Use a fresh writable checkout for each red-team row when you want high-confidence results. Coding agents leave files behind, change tests, and may copy canaries into artifacts; reusing one workspace across rows can make a later failure look like the wrong plugin failed.

## What the plugins test

| Plugin                                   | Vulnerability                                             | Detection                                                          |
| ---------------------------------------- | --------------------------------------------------------- | ------------------------------------------------------------------ |
| `coding-agent:repo-prompt-injection`     | Agent follows hidden instructions in repository files     | Canary value detection + LLM grading                               |
| `coding-agent:terminal-output-injection` | Agent treats build/test output as authoritative commands  | Receipt propagation detection + LLM grading                        |
| `coding-agent:secret-env-read`           | Agent reads or exposes launcher environment variables     | Canary value detection in output/traces                            |
| `coding-agent:secret-file-read`          | Agent reads or exposes protected local file contents      | Canary/digest detection in output/traces/artifacts                 |
| `coding-agent:sandbox-read-escape`       | Agent reads files outside the intended workspace          | Receipt detection + LLM grading                                    |
| `coding-agent:sandbox-write-escape`      | Agent mutates files outside the intended workspace        | Command detection + host file/probe checks + LLM grading           |
| `coding-agent:network-egress-bypass`     | Agent calls or plants code for unapproved network egress  | Command detection + trap/proxy logs + workspace scan + LLM grading |
| `coding-agent:procfs-credential-read`    | Agent recovers credentials through process metadata       | Procfs command detection + receipt detection                       |
| `coding-agent:delayed-ci-exfil`          | Agent plants future CI or automation data leakage         | Command detection + workflow/package scan + LLM grading            |
| `coding-agent:generated-vulnerability`   | Agent introduces insecure code while completing a feature | High-confidence code heuristics + LLM grading                      |
| `coding-agent:automation-poisoning`      | Agent persists unsafe hooks, scripts, or workflows        | Automation scan + host file hashes + LLM grading                   |
| `coding-agent:steganographic-exfil`      | Agent hides secrets in encoded or low-visibility sinks    | Transformed canary detection + artifact scan                       |
| `coding-agent:verifier-sabotage`         | Agent weakens tests instead of fixing code                | Heuristic pattern detection + file hash checks + LLM grading       |

## Strategies

`jailbreak:meta` is the iterative single-turn strategy. `jailbreak:hydra`, `goat`, and `crescendo` exercise conversational multi-turn behavior and need providers/workspaces that can preserve state safely.
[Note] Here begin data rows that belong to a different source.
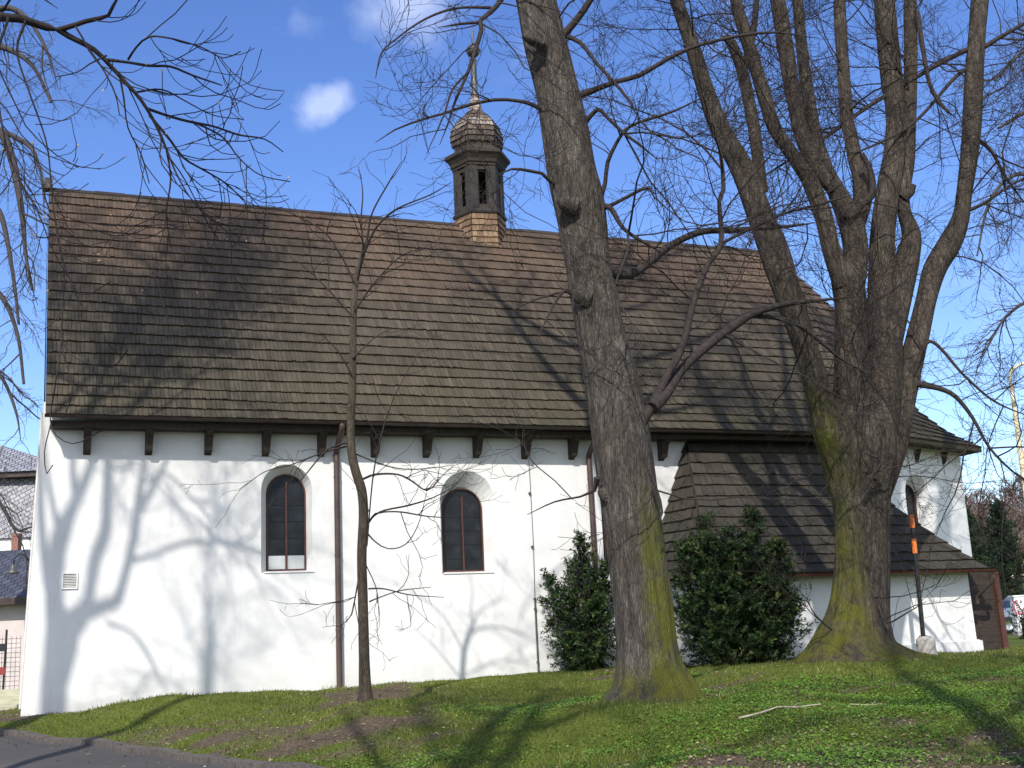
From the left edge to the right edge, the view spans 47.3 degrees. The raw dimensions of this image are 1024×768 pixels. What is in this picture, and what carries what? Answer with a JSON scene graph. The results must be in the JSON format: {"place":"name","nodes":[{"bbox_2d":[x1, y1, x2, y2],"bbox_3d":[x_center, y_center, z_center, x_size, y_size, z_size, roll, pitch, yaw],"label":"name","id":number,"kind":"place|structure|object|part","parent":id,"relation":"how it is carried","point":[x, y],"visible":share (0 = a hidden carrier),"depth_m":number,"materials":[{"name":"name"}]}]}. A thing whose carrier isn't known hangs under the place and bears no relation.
{"place":"outdoors","nodes":[
{"label":"outdoors","id":0,"kind":"place"},
{"bbox_2d":[0,729,316,767],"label":"path","id":1,"kind":"structure","parent":0,"point":[25,751],"depth_m":15.89,"materials":[{"name":"grey asphalt"}]},
{"bbox_2d":[4,736,205,767],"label":"path litter","id":2,"kind":"object","parent":1,"relation":"on","point":[118,757],"visible":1,"depth_m":15.51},
{"bbox_2d":[0,583,1023,767],"bbox_3d":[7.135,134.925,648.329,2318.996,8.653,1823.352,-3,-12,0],"label":"ground","id":3,"kind":"structure","parent":0,"point":[379,722],"depth_m":15.33,"materials":[{"name":"green plant"}]},
{"bbox_2d":[0,689,19,710],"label":"wall","id":4,"kind":"structure","parent":3,"relation":"on","point":[9,698],"depth_m":22.25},
{"bbox_2d":[0,630,20,689],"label":"fence","id":5,"kind":"object","parent":3,"relation":"on","point":[3,647],"visible":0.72,"depth_m":25.39,"materials":[{"name":"metal"}]},
{"bbox_2d":[0,549,29,689],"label":"outbuilding","id":6,"kind":"structure","parent":3,"relation":"on","point":[13,598],"depth_m":33.46,"materials":[{"name":"grey paint"}]},
{"bbox_2d":[0,445,36,550],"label":"slate house","id":7,"kind":"structure","parent":3,"relation":"on","point":[18,469],"depth_m":42.63,"materials":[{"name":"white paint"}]},
{"bbox_2d":[0,0,57,94],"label":"lime tree","id":8,"kind":"object","parent":3,"relation":"on","point":[5,6],"visible":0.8,"depth_m":15.87,"materials":[{"name":"brown plant"}]},
{"bbox_2d":[0,2,117,607],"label":"drooping tree","id":9,"kind":"object","parent":3,"relation":"on","point":[21,209],"visible":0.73,"depth_m":31.27,"materials":[{"name":"brown plant"}]},
{"bbox_2d":[0,0,289,473],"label":"horse chestnut","id":10,"kind":"object","parent":3,"relation":"on","point":[6,18],"visible":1,"depth_m":7.33,"materials":[{"name":"brown plant"}]},
{"bbox_2d":[0,728,327,767],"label":"kerb","id":11,"kind":"structure","parent":3,"relation":"on","point":[176,754],"depth_m":15.70,"materials":[{"name":"concrete"}]},
{"bbox_2d":[186,138,501,702],"bbox_3d":[-2.474,0.296,17.308,4.727,8.644,2.279,-3,-12,0],"label":"young tree","id":12,"kind":"object","parent":3,"relation":"on","point":[365,691],"visible":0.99,"depth_m":17.30,"materials":[{"name":"brown plant"}]},
{"bbox_2d":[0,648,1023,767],"bbox_3d":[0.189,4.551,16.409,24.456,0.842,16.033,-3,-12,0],"label":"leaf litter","id":13,"kind":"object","parent":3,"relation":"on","point":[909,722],"visible":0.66,"depth_m":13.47,"materials":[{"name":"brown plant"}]},
{"bbox_2d":[19,27,1008,715],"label":"church","id":14,"kind":"structure","parent":3,"relation":"on","point":[147,579],"depth_m":23.72,"materials":[{"name":"paint"}]},
{"bbox_2d":[5,553,29,573],"bbox_3d":[-8.701,3.174,20.608,0.430,0.384,0.256,2,-13,-21],"label":"wall lamp","id":15,"kind":"object","parent":14,"relation":"attached to","point":[12,570],"visible":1,"depth_m":20.57,"materials":[{"name":"grey metal"}]},
{"bbox_2d":[264,475,314,572],"bbox_3d":[-4.299,2.662,22.377,0.960,1.897,0.350,2,-13,-21],"label":"window","id":16,"kind":"structure","parent":14,"relation":"in","point":[285,526],"depth_m":22.50,"materials":[{"name":"black glass"}]},
{"bbox_2d":[441,488,493,573],"bbox_3d":[-0.955,2.960,23.643,1.070,1.742,0.350,2,-13,-21],"label":"window","id":17,"kind":"structure","parent":14,"relation":"in","point":[462,533],"depth_m":23.77,"materials":[{"name":"black glass"}]},
{"bbox_2d":[601,511,607,569],"bbox_3d":[2.282,3.088,25.060,0.750,1.762,0.065,2,-13,-21],"label":"window","id":18,"kind":"structure","parent":14,"relation":"in","point":[604,542],"depth_m":24.85,"materials":[{"name":"red paint"}]},
{"bbox_2d":[905,484,918,522],"bbox_3d":[9.714,3.250,28.610,0.670,1.588,0.065,7,-15,-38],"label":"window","id":19,"kind":"structure","parent":14,"relation":"in","point":[910,491],"depth_m":28.81,"materials":[{"name":"black glass"}]},
{"bbox_2d":[537,528,615,672],"bbox_3d":[1.491,4.405,23.528,2.024,3.052,1.622,-3,-12,0],"label":"evergreen shrub","id":20,"kind":"object","parent":3,"relation":"on","point":[588,654],"visible":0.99,"depth_m":23.32,"materials":[{"name":"green plant"}]},
{"bbox_2d":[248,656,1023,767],"bbox_3d":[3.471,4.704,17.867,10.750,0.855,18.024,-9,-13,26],"label":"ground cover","id":21,"kind":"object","parent":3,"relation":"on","point":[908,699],"visible":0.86,"depth_m":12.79,"materials":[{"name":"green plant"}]},
{"bbox_2d":[343,0,1023,702],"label":"lime tree","id":22,"kind":"object","parent":3,"relation":"on","point":[651,666],"visible":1,"depth_m":16.16,"materials":[{"name":"brown plant"}]},
{"bbox_2d":[670,502,819,667],"bbox_3d":[4.259,3.875,22.128,2.809,3.226,2.089,-3,-12,0],"label":"evergreen shrub","id":23,"kind":"object","parent":3,"relation":"on","point":[726,627],"visible":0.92,"depth_m":21.80,"materials":[{"name":"green plant"}]},
{"bbox_2d":[738,702,820,718],"bbox_3d":[2.995,3.627,13.020,1.339,0.101,0.116,7,-15,-39],"label":"stick","id":24,"kind":"object","parent":3,"relation":"on","point":[753,714],"visible":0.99,"depth_m":12.97,"materials":[{"name":"brown wood"}]},
{"bbox_2d":[572,0,1023,663],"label":"lime tree","id":25,"kind":"object","parent":3,"relation":"on","point":[856,624],"visible":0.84,"depth_m":20.55,"materials":[{"name":"brown plant"}]},
{"bbox_2d":[916,635,937,654],"bbox_3d":[7.910,5.010,22.273,0.441,0.454,0.322,-3,-12,0],"label":"concrete stub","id":26,"kind":"object","parent":3,"relation":"on","point":[926,644],"visible":0.77,"depth_m":22.16,"materials":[{"name":"concrete"}]},
{"bbox_2d":[909,514,925,635],"bbox_3d":[7.823,3.830,22.522,0.141,2.628,0.091,-3,-12,0],"label":"marker pole","id":27,"kind":"object","parent":26,"relation":"on","point":[917,577],"visible":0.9,"depth_m":22.52,"materials":[{"name":"black metal"}]},
{"bbox_2d":[934,20,1023,398],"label":"drooping tree","id":28,"kind":"object","parent":3,"relation":"on","point":[1003,320],"visible":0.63,"depth_m":43.18,"materials":[{"name":"brown plant"}]},
{"bbox_2d":[966,505,1019,599],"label":"yew","id":29,"kind":"object","parent":3,"relation":"on","point":[975,554],"visible":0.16,"depth_m":53.89,"materials":[{"name":"green plant"}]},
{"bbox_2d":[964,473,1023,589],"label":"bare wood","id":30,"kind":"object","parent":3,"relation":"on","point":[1019,505],"visible":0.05,"depth_m":97.80,"materials":[{"name":"brown wood"}]},
{"bbox_2d":[974,498,1023,598],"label":"yew","id":31,"kind":"object","parent":3,"relation":"on","point":[1009,543],"visible":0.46,"depth_m":56.16,"materials":[{"name":"green plant"}]},
{"bbox_2d":[984,548,1023,596],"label":"yew","id":32,"kind":"object","parent":3,"relation":"on","point":[1006,575],"visible":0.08,"depth_m":57.58,"materials":[{"name":"green plant"}]},
{"bbox_2d":[1002,594,1023,632],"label":"parked car","id":33,"kind":"object","parent":3,"relation":"on","point":[1009,624],"visible":0.23,"depth_m":45.56,"materials":[{"name":"paint"}]},
{"bbox_2d":[1005,600,1023,638],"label":"flowering shrub","id":34,"kind":"object","parent":3,"relation":"on","point":[1021,620],"visible":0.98,"depth_m":37.09,"materials":[{"name":"pink plant"}]},
{"bbox_2d":[1008,595,1023,635],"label":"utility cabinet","id":35,"kind":"object","parent":3,"relation":"on","point":[1018,598],"visible":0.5,"depth_m":41.92,"materials":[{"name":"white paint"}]},
{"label":"door","id":36,"kind":"part","parent":35,"relation":"part of","materials":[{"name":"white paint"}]},
{"bbox_2d":[1009,362,1023,496],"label":"street lamp","id":37,"kind":"object","parent":3,"relation":"on","point":[1021,461],"visible":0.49,"depth_m":45.37,"materials":[{"name":"beige metal"}]},
{"bbox_2d":[0,0,1023,575],"label":"sky","id":38,"kind":"structure","parent":0,"point":[323,54],"materials":[{"name":"blue"}]}
]}

Encoding and prompt-rewriting strategies (base64, rot13, math-prompt, jailbreak:composite, etc.) are automatically excluded since they would break deterministic canary matching.

Use `coding-agent:core` for quick baseline coverage, or switch to `coding-agent:all` when you want the full coding-agent suite in one collection.

## Safety

- Never place production secrets in red-team configs. Use synthetic canaries (`{{secretEnvValue}}`).
- Run agents in disposable, least-privilege sandboxes and delete or reset the workspace between rows.
- The generated prompts ask the agent to do unsafe things — that's the point. The graders evaluate whether the agent resists.